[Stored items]
====================
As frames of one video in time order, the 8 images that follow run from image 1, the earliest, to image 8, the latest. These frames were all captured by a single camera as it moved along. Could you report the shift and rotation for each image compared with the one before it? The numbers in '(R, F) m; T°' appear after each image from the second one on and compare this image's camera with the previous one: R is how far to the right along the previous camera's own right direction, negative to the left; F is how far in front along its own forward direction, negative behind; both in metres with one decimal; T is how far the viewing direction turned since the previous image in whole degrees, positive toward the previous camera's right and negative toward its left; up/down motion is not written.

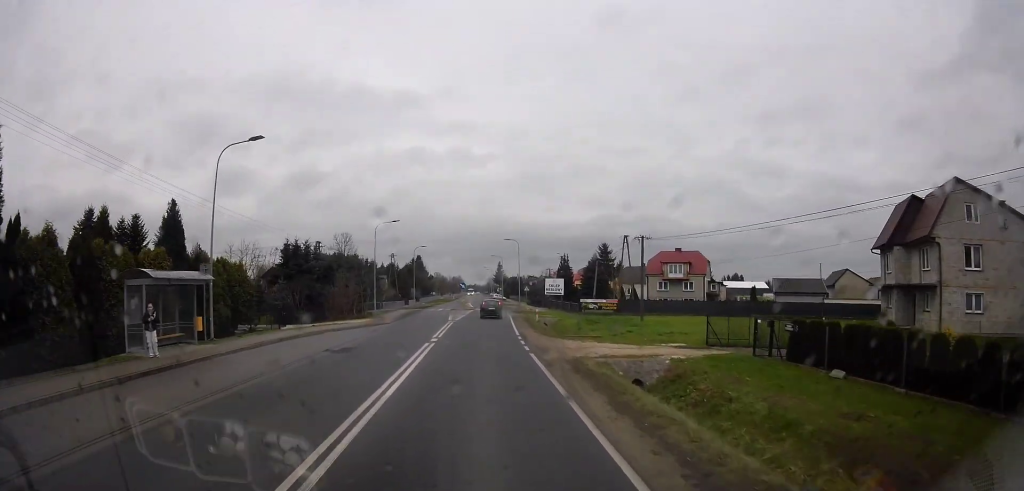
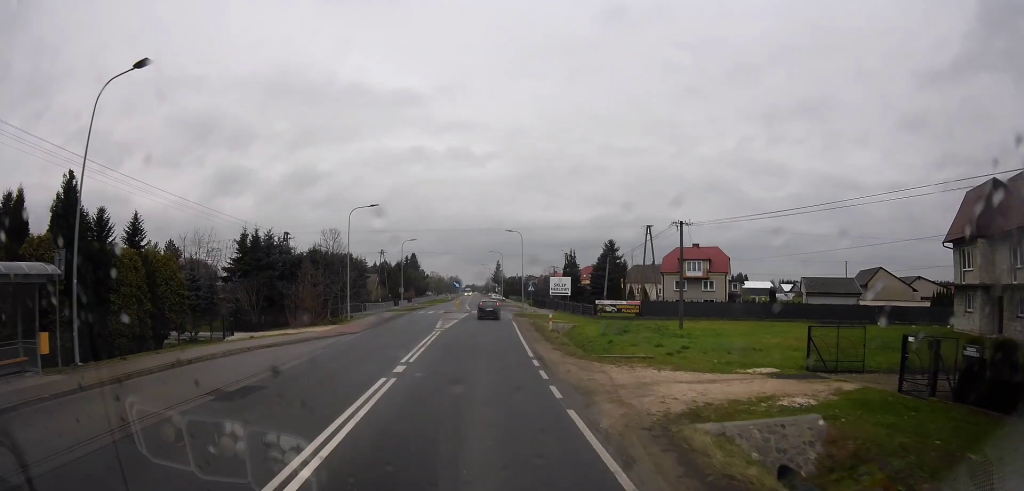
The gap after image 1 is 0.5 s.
(-0.4, +7.8) m; -1°
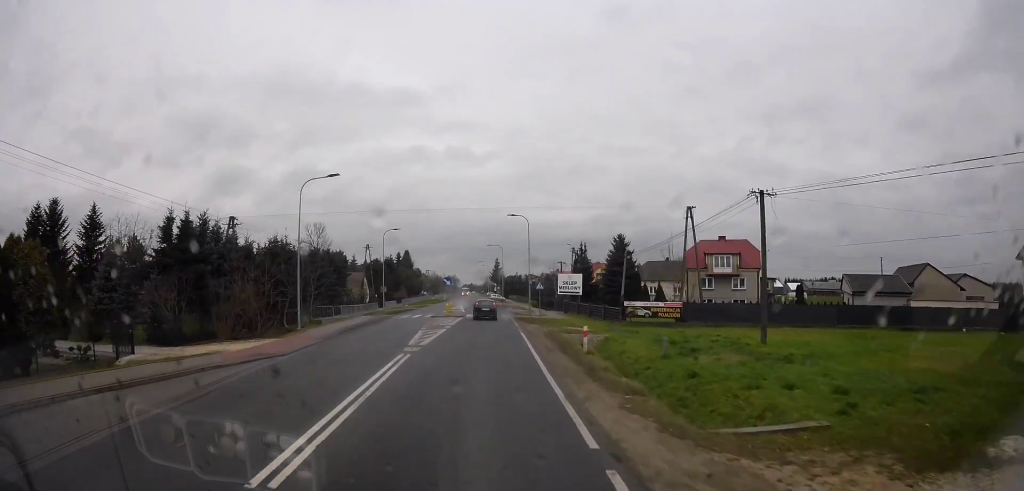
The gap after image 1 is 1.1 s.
(-0.6, +9.7) m; -1°
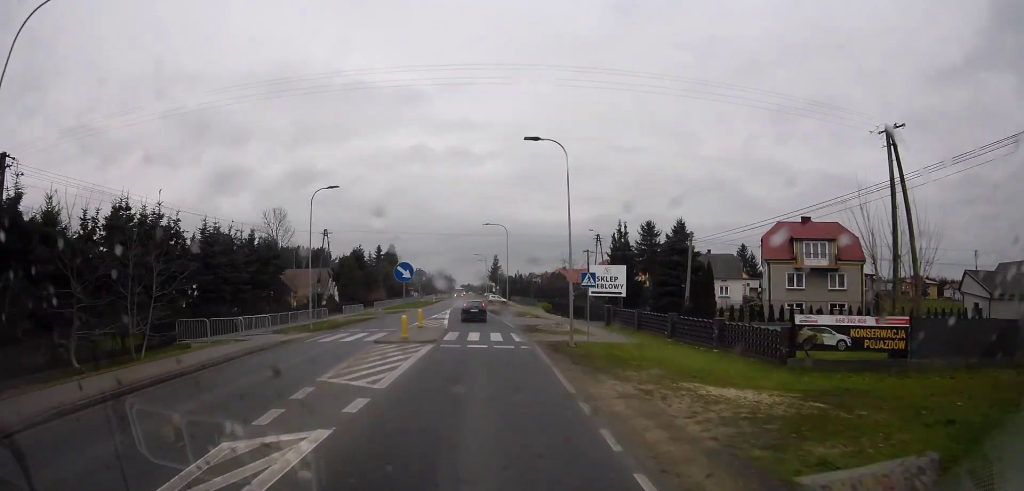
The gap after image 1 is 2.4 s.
(+0.3, +19.5) m; -1°
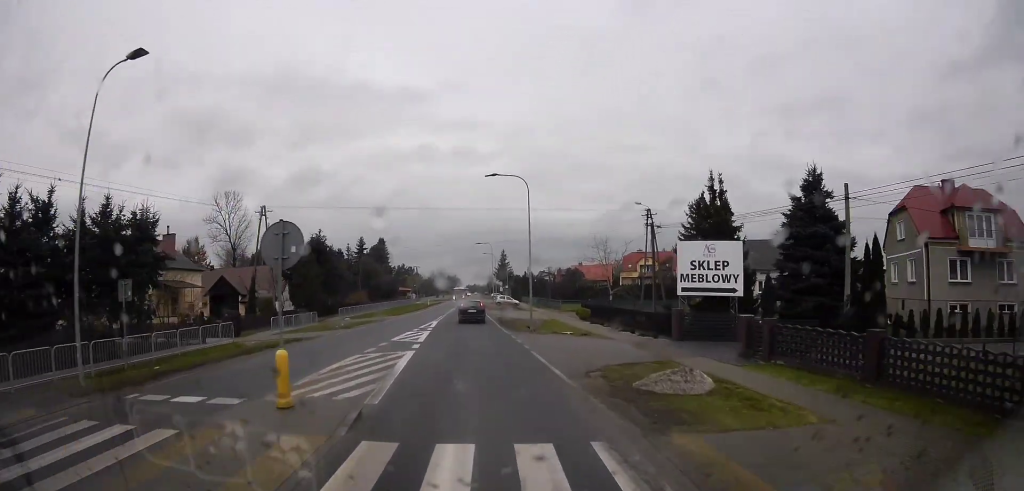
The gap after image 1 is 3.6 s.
(-0.1, +18.3) m; +3°
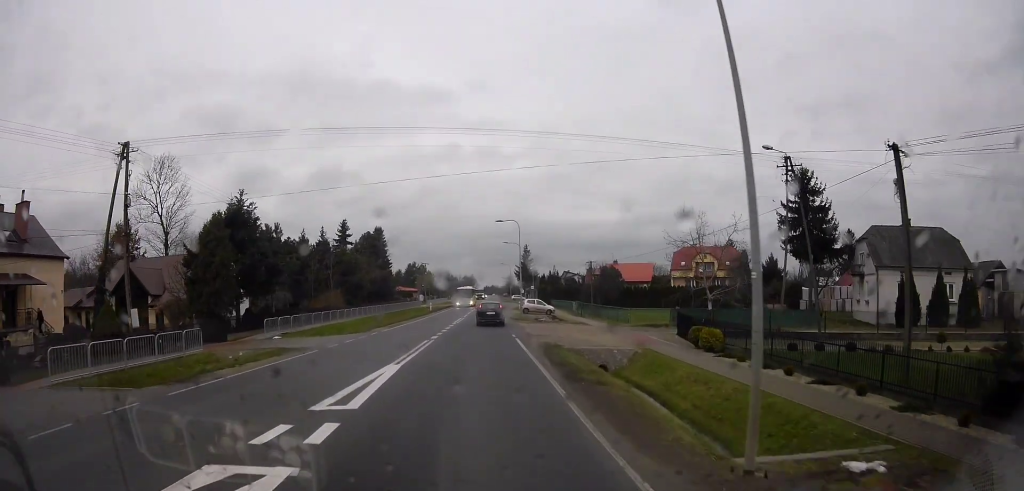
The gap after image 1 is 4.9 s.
(+0.9, +20.2) m; +2°
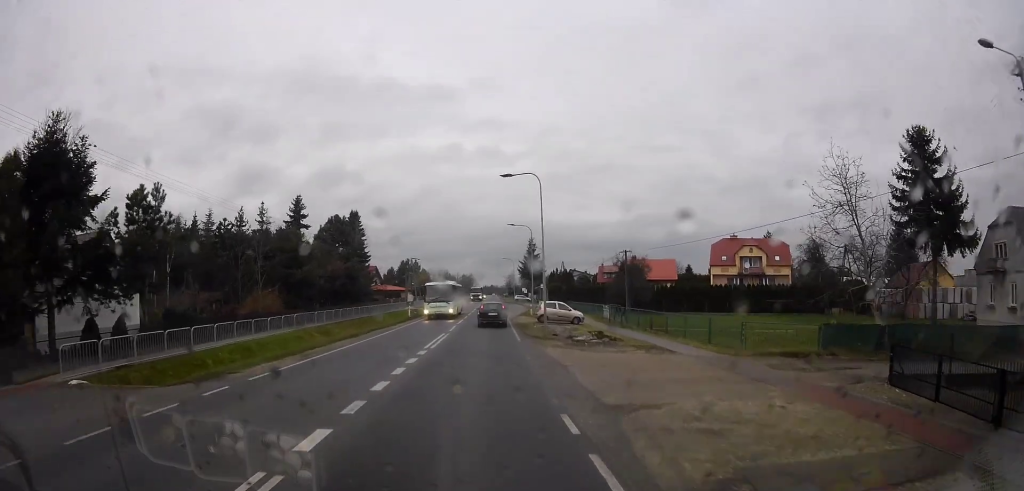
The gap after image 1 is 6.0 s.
(-0.3, +15.9) m; -1°
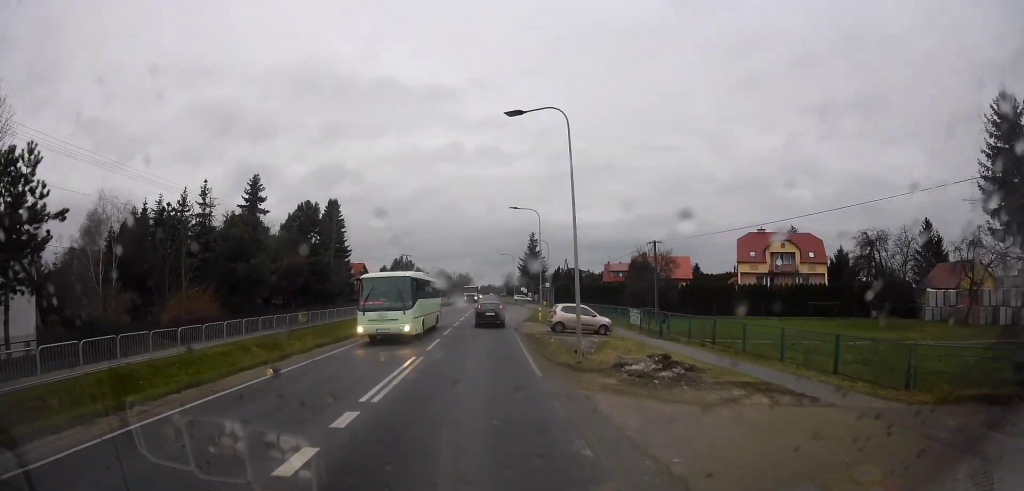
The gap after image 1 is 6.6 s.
(0.0, +8.8) m; 0°
====================
> DIRECTIONS
Leave out the pictures and return, exactly as written, only the lines from the line with "The gap after image 1 is 3.6 s." through the end of the records above.

> TASK RESPONSE
The gap after image 1 is 3.6 s.
(-0.1, +18.3) m; +3°
The gap after image 1 is 4.9 s.
(+0.9, +20.2) m; +2°
The gap after image 1 is 6.0 s.
(-0.3, +15.9) m; -1°
The gap after image 1 is 6.6 s.
(0.0, +8.8) m; 0°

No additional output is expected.